Страшный рассказ, но по времени указанные свидетелем события опять-таки никак не могут быть отнесены на счёт Анненкова. Мы уже давно знаем, что до октября 1918 года Анненкова не было не только в Черкасском, но и в Семиречье вообще! Анненков мог быть в Черкасском только после падения села, т.е. после 14 декабря 1919 года. Из показаний других свидетелей нам известно, что после взятия белыми Черкасского никаких насилий в отношении населения не было и всех повстанцев распустили по своим сёлам. Факты, сообщённые Злобиной, настолько неординарны, что, если бы они имели место, о них говорили бы и другие свидетели и мемуаристы, но эти факты больше нигде не упоминаются. До 14 декабря 1919 года Черкасское никогда ни занималось белыми, и на его территорию до этого времени не ступала нога белогвардейца. Всё это даёт возможность оценить показания Злобиной или как плод её больного воображения, или как чекистскую фальсификацию. Последнее не исключается. Большие подозрения вызывает то, что свидетель Злобина, проживая уже в Семипалатинске, на процесс не явилась. Почему? Боялась взглянуть в глаза Анненкова, которого она нагло оговорила, или осуждения со стороны своих бывших земляков, видом не видавших и слыхом не слыхавших о зверствах, которые она приписывает Анненкову?
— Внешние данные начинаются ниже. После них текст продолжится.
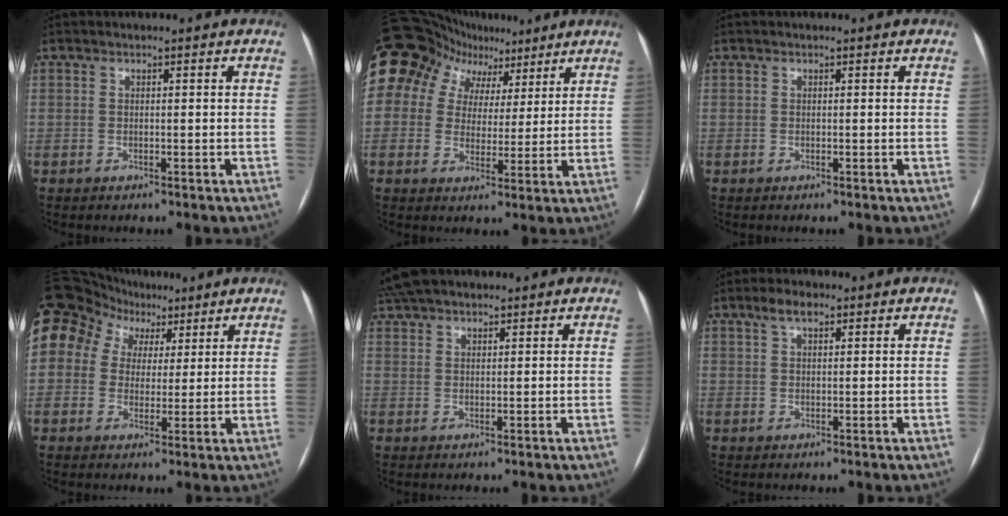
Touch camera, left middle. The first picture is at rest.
{"total": 11.8, "force": [7.2, 8.7, 3.5], "torque": [-0.063, 0.045, 0.110]}
{"total": 0.0}
{"total": 21.6, "force": [10.5, 17.0, 8.3], "torque": [-0.257, 0.097, 0.199]}
{"total": 6.5, "force": [5.6, 2.0, 2.8], "torque": [-0.054, 0.039, 0.104]}
{"total": 3.0, "force": [1.9, 1.1, 2.0], "torque": [-0.043, 0.012, 0.036]}

Видимо, факт убийства её мужа всё-таки был, но задолго до прихода Анненкова в Семиречье, и не в Черкасске, а где-то в другом месте, и атаман здесь ни при чём!
Суд стремился доказать, что Анненков и сам расстреливал пленных. В материалах суда на эту тему имеется лишь одно сомнительное показание: всё тот же неутомимый Вордугин говорил о том, что ему рассказывал батареец Дерюгин, что в станице Кидыш (Урал) Анненков застрелил одного крестьянина. Принимать это показание за доказательство было никак нельзя, так как сам Вордугин, как всегда, этого не видел и передавал слова Дерюгина, который по этому эпизоду допрошен не был. Анненков это обвинение категорически отрицал, и суду обратное доказать не удалось. Однако суд несколько раз возвращался к этому вопросу:
— Вы ранее показывали, что сами лично не участвовали в порках и расстрелах. Вы это подтверждаете и сейчас?
— Нет, не участвовал!
— Значит, ваши руки чисты от крови?
Анненков смотрит в глаза обвинителя:
— Нет, не чисты: я отвечаю за каждого своего партизана!
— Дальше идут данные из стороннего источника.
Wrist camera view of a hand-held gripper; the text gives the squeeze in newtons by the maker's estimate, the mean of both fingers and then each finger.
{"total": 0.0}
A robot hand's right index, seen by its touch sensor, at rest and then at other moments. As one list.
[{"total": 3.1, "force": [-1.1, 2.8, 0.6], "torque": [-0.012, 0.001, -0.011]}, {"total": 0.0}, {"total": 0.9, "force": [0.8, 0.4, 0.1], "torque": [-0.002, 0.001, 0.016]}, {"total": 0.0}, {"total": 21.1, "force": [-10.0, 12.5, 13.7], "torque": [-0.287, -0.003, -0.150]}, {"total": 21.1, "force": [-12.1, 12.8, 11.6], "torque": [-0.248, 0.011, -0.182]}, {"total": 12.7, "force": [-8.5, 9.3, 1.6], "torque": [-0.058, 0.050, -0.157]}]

Не найдя прямых доказательств личных расправ Анненкова с пленными, со своими солдатами и с местными жителями, суд, а точнее гособвинитель Павловский, нагромоздив кучу неверных и ложных посылок, косвенно всё-таки обвиняет атамана в этом.
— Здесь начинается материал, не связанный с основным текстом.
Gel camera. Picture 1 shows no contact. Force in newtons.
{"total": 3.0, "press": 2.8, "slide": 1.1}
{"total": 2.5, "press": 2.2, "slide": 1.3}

Несмотря на прокурорскую логику, обвинения Анненкова в личных расстрелах, порках и насилиях были сняты.
Анненков не отрицал, что в его дивизии были и порки, и расстрелы. Пороли в основном за дело: за нерадивость, за дисциплинарные проступки, воровство, расстреливали изменников, трусов, паникёров, торговцев наркотиками, за совершённые преступления, а также подозреваемых в большевизме. Однако масштабы этих эксцессов по прошествии десяти лет оказались сильно утрированными. Особенно постарались в этом бывшие красные партизаны, которые в своих воспоминаниях выдавали такие факты, которых не было и быть не могло!
Что касается расстрелов своих бойцов, то у красных они практиковались гораздо чаще и в бо́льших масштабах, чем в малочисленной дивизии Анненкова. И красноармейцы часто гибли не за собственные грехи, а несли коллективную ответственность. Тот же А.П. Кучин вспоминает:
«Однажды ко мне явился начальник заградительного отряда Креслин и доложил, что прибыли два батальона самарцев, оставив свои позиции. При допросе командиров батальонов выяснилось, что во время боя под деревней Верхне-Сульская их подразделения, потеряв связь с соседями, стали отступать, а потом пустились в бегство.